### [Task instructions]
What is needed is a faithful copy of all the entries, with no pictures in it.

(Dataset excerpts)

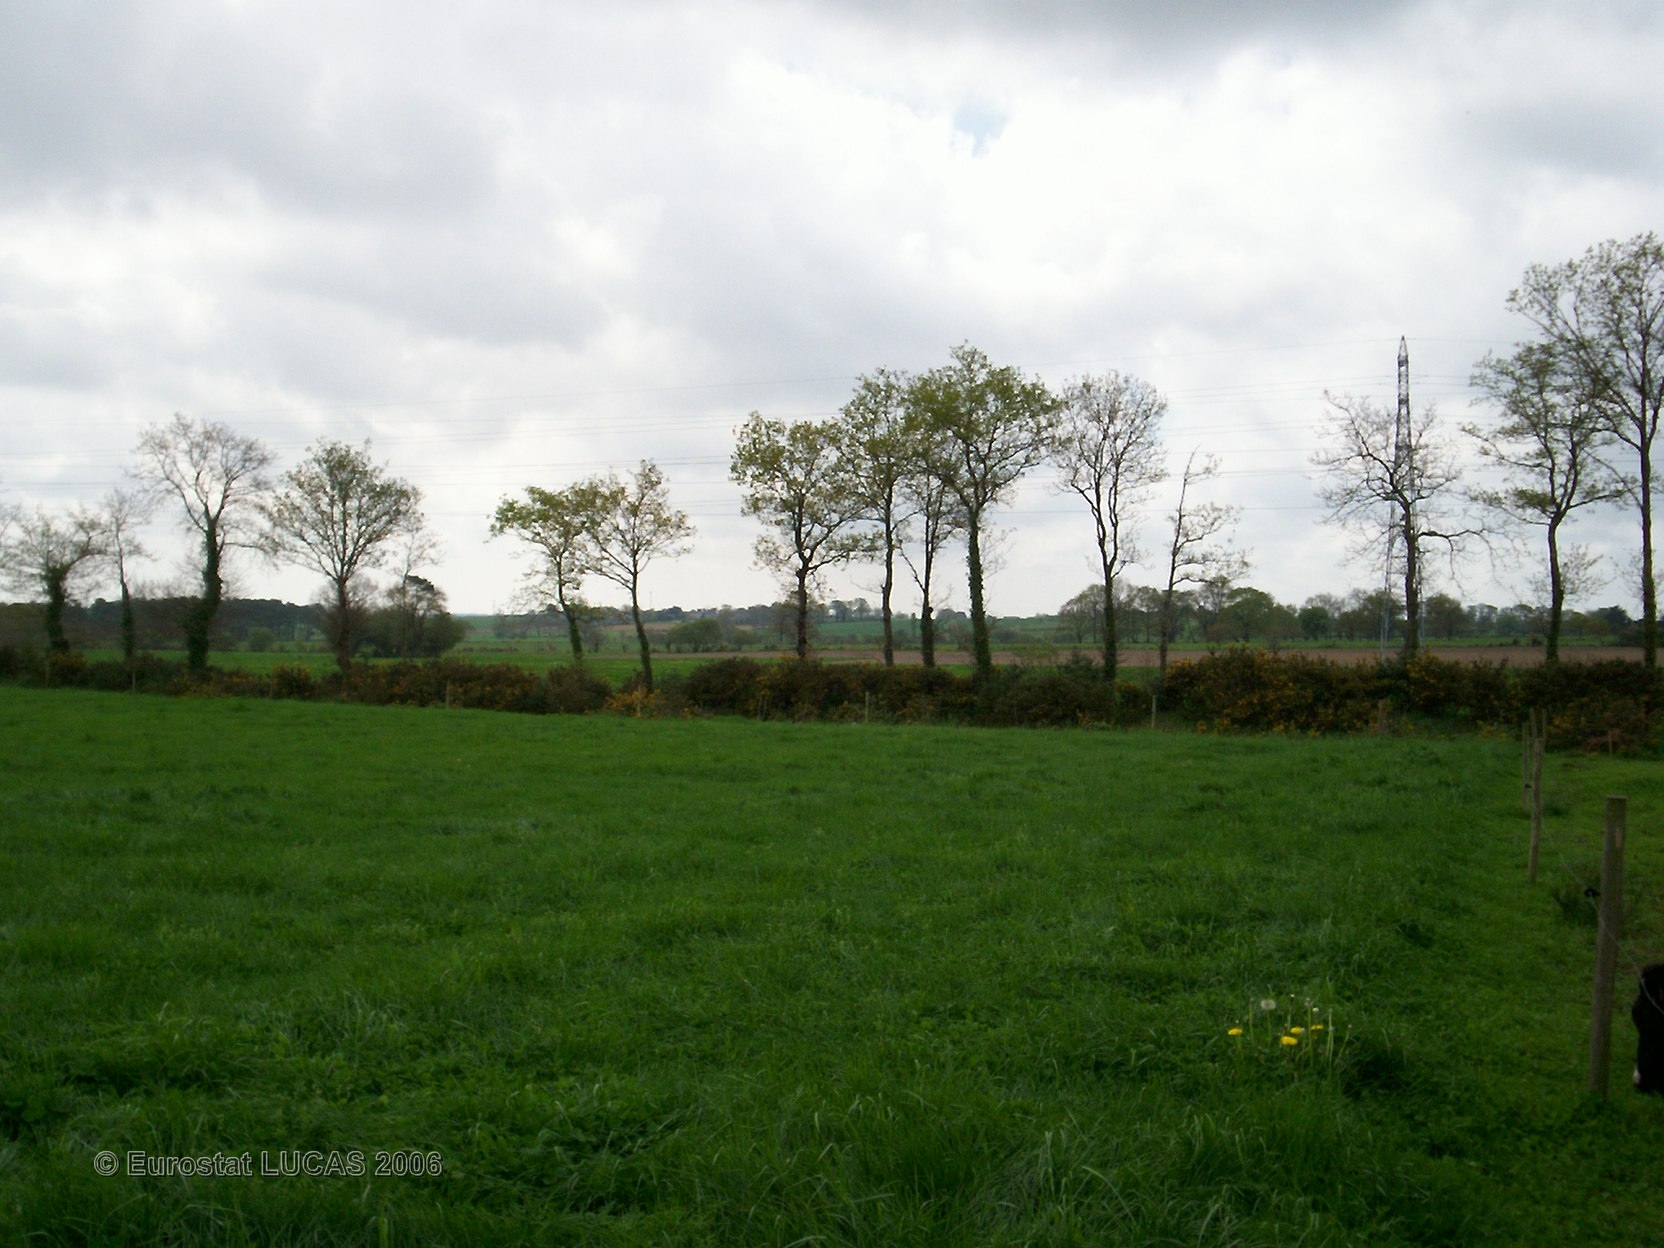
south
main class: Grassland
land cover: Grassland without tree/shrub cover
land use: Agriculture (excluding fallow land and kitchen gardens)
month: May
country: FR
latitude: 47.6531
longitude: -2.6687

### [Solution to the exercise]
south
main class: Grassland
land cover: Grassland without tree/shrub cover
land use: Agriculture (excluding fallow land and kitchen gardens)
month: May
country: FR
latitude: 47.6531
longitude: -2.6687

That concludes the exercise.